# Directions for this task
Every picture should be left out, but the lines below must be repeated exactly.

Dataset excerpts:
——————
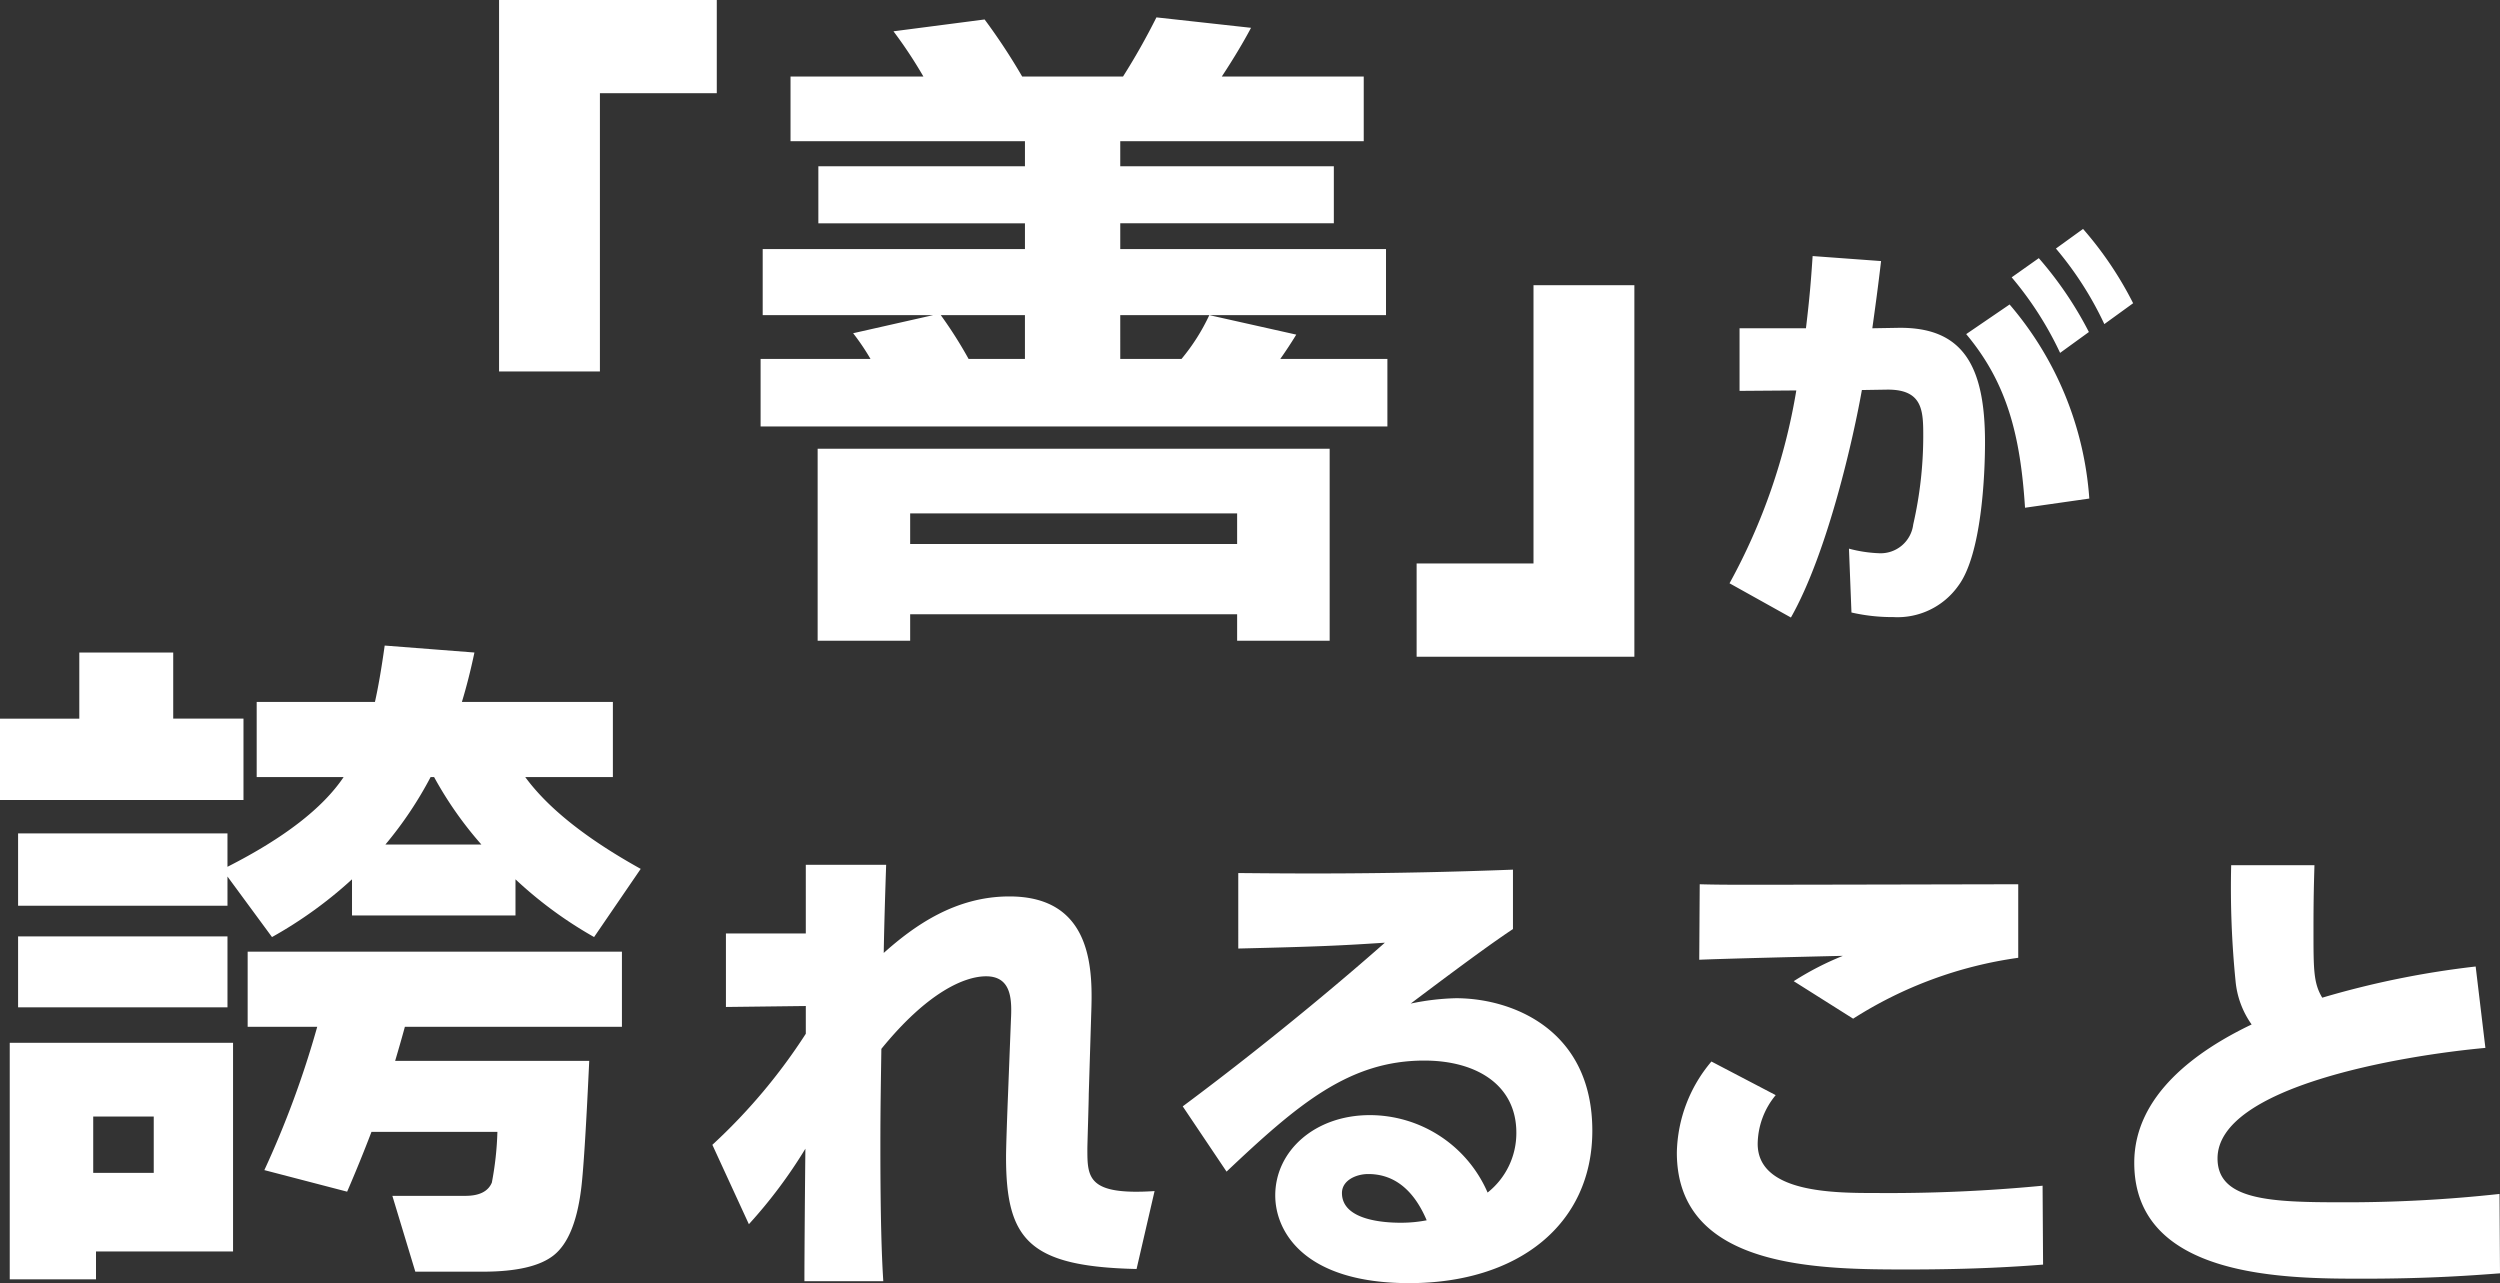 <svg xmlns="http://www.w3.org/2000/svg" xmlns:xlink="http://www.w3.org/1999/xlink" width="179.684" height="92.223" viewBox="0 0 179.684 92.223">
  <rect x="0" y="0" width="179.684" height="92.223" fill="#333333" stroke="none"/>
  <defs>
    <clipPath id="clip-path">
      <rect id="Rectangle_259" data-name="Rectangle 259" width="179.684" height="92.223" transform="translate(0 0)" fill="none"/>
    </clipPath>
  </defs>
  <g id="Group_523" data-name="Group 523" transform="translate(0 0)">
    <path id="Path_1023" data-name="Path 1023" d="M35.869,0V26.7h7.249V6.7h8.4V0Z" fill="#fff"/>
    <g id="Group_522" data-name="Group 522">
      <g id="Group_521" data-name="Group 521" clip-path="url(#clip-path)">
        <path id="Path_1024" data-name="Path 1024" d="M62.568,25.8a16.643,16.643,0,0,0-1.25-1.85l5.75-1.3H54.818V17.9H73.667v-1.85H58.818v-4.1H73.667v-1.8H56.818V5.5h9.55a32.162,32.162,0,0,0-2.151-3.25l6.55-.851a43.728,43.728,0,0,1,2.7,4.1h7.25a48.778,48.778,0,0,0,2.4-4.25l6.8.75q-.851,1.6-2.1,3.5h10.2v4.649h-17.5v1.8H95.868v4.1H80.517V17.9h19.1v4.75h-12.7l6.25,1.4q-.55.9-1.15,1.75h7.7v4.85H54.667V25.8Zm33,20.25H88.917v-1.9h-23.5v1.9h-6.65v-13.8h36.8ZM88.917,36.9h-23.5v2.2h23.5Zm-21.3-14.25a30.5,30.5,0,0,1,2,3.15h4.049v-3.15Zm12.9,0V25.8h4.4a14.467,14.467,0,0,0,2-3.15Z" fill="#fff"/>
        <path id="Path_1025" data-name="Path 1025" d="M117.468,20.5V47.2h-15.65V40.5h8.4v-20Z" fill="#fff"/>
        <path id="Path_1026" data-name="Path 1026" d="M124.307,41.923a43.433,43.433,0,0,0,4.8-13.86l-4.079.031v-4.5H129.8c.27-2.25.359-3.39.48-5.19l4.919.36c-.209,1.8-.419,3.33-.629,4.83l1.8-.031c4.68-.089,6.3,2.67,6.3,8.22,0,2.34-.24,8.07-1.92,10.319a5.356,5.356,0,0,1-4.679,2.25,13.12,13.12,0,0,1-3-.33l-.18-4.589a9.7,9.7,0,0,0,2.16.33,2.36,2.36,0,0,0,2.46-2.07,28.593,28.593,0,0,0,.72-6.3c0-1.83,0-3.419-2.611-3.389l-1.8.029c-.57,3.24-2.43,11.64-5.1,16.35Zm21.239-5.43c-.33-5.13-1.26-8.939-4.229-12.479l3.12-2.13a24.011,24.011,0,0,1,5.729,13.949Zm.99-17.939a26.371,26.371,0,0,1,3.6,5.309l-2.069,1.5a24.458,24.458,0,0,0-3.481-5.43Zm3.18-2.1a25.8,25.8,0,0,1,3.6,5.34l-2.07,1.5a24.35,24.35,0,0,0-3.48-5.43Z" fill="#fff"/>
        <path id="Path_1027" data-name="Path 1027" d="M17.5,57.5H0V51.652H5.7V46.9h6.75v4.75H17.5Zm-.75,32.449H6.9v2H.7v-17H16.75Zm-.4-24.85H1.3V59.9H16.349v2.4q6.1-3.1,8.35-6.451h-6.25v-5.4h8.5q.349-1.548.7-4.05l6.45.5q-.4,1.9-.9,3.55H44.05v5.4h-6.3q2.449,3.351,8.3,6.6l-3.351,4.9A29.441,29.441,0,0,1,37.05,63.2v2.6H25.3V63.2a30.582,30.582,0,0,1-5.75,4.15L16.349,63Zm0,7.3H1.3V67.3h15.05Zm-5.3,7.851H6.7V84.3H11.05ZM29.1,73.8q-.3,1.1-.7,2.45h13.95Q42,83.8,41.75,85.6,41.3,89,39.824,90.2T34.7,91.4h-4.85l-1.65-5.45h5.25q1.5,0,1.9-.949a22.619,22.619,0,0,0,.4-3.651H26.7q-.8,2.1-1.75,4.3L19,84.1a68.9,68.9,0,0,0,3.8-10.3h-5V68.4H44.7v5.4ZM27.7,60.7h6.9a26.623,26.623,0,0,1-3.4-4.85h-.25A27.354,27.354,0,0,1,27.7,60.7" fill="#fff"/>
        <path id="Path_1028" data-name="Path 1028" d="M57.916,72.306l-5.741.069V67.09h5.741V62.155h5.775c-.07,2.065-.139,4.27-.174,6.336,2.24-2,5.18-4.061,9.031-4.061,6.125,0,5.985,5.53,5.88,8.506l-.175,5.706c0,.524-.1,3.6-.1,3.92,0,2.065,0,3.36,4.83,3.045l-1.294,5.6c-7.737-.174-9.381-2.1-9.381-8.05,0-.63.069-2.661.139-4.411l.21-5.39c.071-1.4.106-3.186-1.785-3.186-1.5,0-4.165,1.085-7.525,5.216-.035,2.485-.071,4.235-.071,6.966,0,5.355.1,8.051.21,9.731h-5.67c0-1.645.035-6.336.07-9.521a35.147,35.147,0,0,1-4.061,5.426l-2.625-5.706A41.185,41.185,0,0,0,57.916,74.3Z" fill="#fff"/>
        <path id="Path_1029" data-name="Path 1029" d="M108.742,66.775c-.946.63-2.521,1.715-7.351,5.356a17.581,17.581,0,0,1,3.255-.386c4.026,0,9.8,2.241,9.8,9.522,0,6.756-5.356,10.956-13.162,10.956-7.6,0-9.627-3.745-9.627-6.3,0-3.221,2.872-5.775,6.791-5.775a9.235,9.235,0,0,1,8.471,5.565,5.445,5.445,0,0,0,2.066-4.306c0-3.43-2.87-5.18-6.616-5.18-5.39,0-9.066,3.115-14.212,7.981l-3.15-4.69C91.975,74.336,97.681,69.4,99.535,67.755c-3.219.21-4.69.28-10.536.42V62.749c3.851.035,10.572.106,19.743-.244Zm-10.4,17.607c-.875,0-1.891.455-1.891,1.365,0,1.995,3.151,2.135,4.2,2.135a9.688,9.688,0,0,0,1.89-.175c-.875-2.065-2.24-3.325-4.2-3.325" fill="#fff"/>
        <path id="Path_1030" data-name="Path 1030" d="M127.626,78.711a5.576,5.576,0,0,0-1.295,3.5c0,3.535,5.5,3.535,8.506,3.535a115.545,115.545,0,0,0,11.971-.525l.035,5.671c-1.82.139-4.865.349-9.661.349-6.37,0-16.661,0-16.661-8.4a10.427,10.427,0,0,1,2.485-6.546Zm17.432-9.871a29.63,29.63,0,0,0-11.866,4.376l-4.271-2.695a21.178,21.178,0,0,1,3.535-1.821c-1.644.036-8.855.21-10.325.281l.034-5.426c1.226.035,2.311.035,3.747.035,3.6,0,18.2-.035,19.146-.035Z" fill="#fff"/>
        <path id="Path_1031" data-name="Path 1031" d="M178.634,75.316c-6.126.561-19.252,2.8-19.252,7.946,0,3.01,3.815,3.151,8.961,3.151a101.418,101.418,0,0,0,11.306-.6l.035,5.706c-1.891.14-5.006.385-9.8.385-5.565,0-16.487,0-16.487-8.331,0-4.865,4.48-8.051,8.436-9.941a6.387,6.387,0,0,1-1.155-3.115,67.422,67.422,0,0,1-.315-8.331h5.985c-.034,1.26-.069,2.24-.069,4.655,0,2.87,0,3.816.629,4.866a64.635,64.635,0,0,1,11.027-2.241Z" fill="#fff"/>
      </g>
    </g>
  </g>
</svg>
——————
# Output of the exercise
 <svg xmlns="http://www.w3.org/2000/svg" xmlns:xlink="http://www.w3.org/1999/xlink" width="179.684" height="92.223" viewBox="0 0 179.684 92.223">
  <rect x="0" y="0" width="179.684" height="92.223" fill="#333333" stroke="none"/>
  <defs>
    <clipPath id="clip-path">
      <rect id="Rectangle_259" data-name="Rectangle 259" width="179.684" height="92.223" transform="translate(0 0)" fill="none"/>
    </clipPath>
  </defs>
  <g id="Group_523" data-name="Group 523" transform="translate(0 0)">
    <path id="Path_1023" data-name="Path 1023" d="M35.869,0V26.7h7.249V6.7h8.4V0Z" fill="#fff"/>
    <g id="Group_522" data-name="Group 522">
      <g id="Group_521" data-name="Group 521" clip-path="url(#clip-path)">
        <path id="Path_1024" data-name="Path 1024" d="M62.568,25.8a16.643,16.643,0,0,0-1.25-1.85l5.75-1.3H54.818V17.9H73.667v-1.85H58.818v-4.1H73.667v-1.8H56.818V5.5h9.55a32.162,32.162,0,0,0-2.151-3.25l6.55-.851a43.728,43.728,0,0,1,2.7,4.1h7.25a48.778,48.778,0,0,0,2.4-4.25l6.8.75q-.851,1.6-2.1,3.5h10.2v4.649h-17.5v1.8H95.868v4.1H80.517V17.9h19.1v4.75h-12.7l6.25,1.4q-.55.9-1.15,1.75h7.7v4.85H54.667V25.8Zm33,20.25H88.917v-1.9h-23.5v1.9h-6.65v-13.8h36.8ZM88.917,36.9h-23.5v2.2h23.5Zm-21.3-14.25a30.5,30.5,0,0,1,2,3.15h4.049v-3.15Zm12.9,0V25.8h4.4a14.467,14.467,0,0,0,2-3.15Z" fill="#fff"/>
        <path id="Path_1025" data-name="Path 1025" d="M117.468,20.5V47.2h-15.65V40.5h8.4v-20Z" fill="#fff"/>
        <path id="Path_1026" data-name="Path 1026" d="M124.307,41.923a43.433,43.433,0,0,0,4.8-13.86l-4.079.031v-4.5H129.8c.27-2.25.359-3.39.48-5.19l4.919.36c-.209,1.8-.419,3.33-.629,4.83l1.8-.031c4.68-.089,6.3,2.67,6.3,8.22,0,2.34-.24,8.07-1.92,10.319a5.356,5.356,0,0,1-4.679,2.25,13.12,13.12,0,0,1-3-.33l-.18-4.589a9.7,9.7,0,0,0,2.16.33,2.36,2.36,0,0,0,2.46-2.07,28.593,28.593,0,0,0,.72-6.3c0-1.83,0-3.419-2.611-3.389l-1.8.029c-.57,3.24-2.43,11.64-5.1,16.35Zm21.239-5.43c-.33-5.13-1.26-8.939-4.229-12.479l3.12-2.13a24.011,24.011,0,0,1,5.729,13.949Zm.99-17.939a26.371,26.371,0,0,1,3.6,5.309l-2.069,1.5a24.458,24.458,0,0,0-3.481-5.43Zm3.18-2.1a25.8,25.8,0,0,1,3.6,5.34l-2.07,1.5a24.35,24.35,0,0,0-3.48-5.43Z" fill="#fff"/>
        <path id="Path_1027" data-name="Path 1027" d="M17.5,57.5H0V51.652H5.7V46.9h6.75v4.75H17.5Zm-.75,32.449H6.9v2H.7v-17H16.75Zm-.4-24.85H1.3V59.9H16.349v2.4q6.1-3.1,8.35-6.451h-6.25v-5.4h8.5q.349-1.548.7-4.05l6.45.5q-.4,1.9-.9,3.55H44.05v5.4h-6.3q2.449,3.351,8.3,6.6l-3.351,4.9A29.441,29.441,0,0,1,37.05,63.2v2.6H25.3V63.2a30.582,30.582,0,0,1-5.75,4.15L16.349,63Zm0,7.3H1.3V67.3h15.05Zm-5.3,7.851H6.7V84.3H11.05ZM29.1,73.8q-.3,1.1-.7,2.45h13.95Q42,83.8,41.75,85.6,41.3,89,39.824,90.2T34.7,91.4h-4.85l-1.65-5.45h5.25q1.5,0,1.9-.949a22.619,22.619,0,0,0,.4-3.651H26.7q-.8,2.1-1.75,4.3L19,84.1a68.9,68.9,0,0,0,3.8-10.3h-5V68.4H44.7v5.4ZM27.7,60.7h6.9a26.623,26.623,0,0,1-3.4-4.85h-.25A27.354,27.354,0,0,1,27.7,60.7" fill="#fff"/>
        <path id="Path_1028" data-name="Path 1028" d="M57.916,72.306l-5.741.069V67.09h5.741V62.155h5.775c-.07,2.065-.139,4.27-.174,6.336,2.24-2,5.18-4.061,9.031-4.061,6.125,0,5.985,5.53,5.88,8.506l-.175,5.706c0,.524-.1,3.6-.1,3.92,0,2.065,0,3.36,4.83,3.045l-1.294,5.6c-7.737-.174-9.381-2.1-9.381-8.05,0-.63.069-2.661.139-4.411l.21-5.39c.071-1.4.106-3.186-1.785-3.186-1.5,0-4.165,1.085-7.525,5.216-.035,2.485-.071,4.235-.071,6.966,0,5.355.1,8.051.21,9.731h-5.67c0-1.645.035-6.336.07-9.521a35.147,35.147,0,0,1-4.061,5.426l-2.625-5.706A41.185,41.185,0,0,0,57.916,74.3Z" fill="#fff"/>
        <path id="Path_1029" data-name="Path 1029" d="M108.742,66.775c-.946.63-2.521,1.715-7.351,5.356a17.581,17.581,0,0,1,3.255-.386c4.026,0,9.8,2.241,9.8,9.522,0,6.756-5.356,10.956-13.162,10.956-7.6,0-9.627-3.745-9.627-6.3,0-3.221,2.872-5.775,6.791-5.775a9.235,9.235,0,0,1,8.471,5.565,5.445,5.445,0,0,0,2.066-4.306c0-3.43-2.87-5.18-6.616-5.18-5.39,0-9.066,3.115-14.212,7.981l-3.15-4.69C91.975,74.336,97.681,69.4,99.535,67.755c-3.219.21-4.69.28-10.536.42V62.749c3.851.035,10.572.106,19.743-.244Zm-10.4,17.607c-.875,0-1.891.455-1.891,1.365,0,1.995,3.151,2.135,4.2,2.135a9.688,9.688,0,0,0,1.89-.175c-.875-2.065-2.24-3.325-4.2-3.325" fill="#fff"/>
        <path id="Path_1030" data-name="Path 1030" d="M127.626,78.711a5.576,5.576,0,0,0-1.295,3.5c0,3.535,5.5,3.535,8.506,3.535a115.545,115.545,0,0,0,11.971-.525l.035,5.671c-1.82.139-4.865.349-9.661.349-6.37,0-16.661,0-16.661-8.4a10.427,10.427,0,0,1,2.485-6.546Zm17.432-9.871a29.63,29.63,0,0,0-11.866,4.376l-4.271-2.695a21.178,21.178,0,0,1,3.535-1.821c-1.644.036-8.855.21-10.325.281l.034-5.426c1.226.035,2.311.035,3.747.035,3.6,0,18.2-.035,19.146-.035Z" fill="#fff"/>
        <path id="Path_1031" data-name="Path 1031" d="M178.634,75.316c-6.126.561-19.252,2.8-19.252,7.946,0,3.01,3.815,3.151,8.961,3.151a101.418,101.418,0,0,0,11.306-.6l.035,5.706c-1.891.14-5.006.385-9.8.385-5.565,0-16.487,0-16.487-8.331,0-4.865,4.48-8.051,8.436-9.941a6.387,6.387,0,0,1-1.155-3.115,67.422,67.422,0,0,1-.315-8.331h5.985c-.034,1.26-.069,2.24-.069,4.655,0,2.87,0,3.816.629,4.866a64.635,64.635,0,0,1,11.027-2.241Z" fill="#fff"/>
      </g>
    </g>
  </g>
</svg>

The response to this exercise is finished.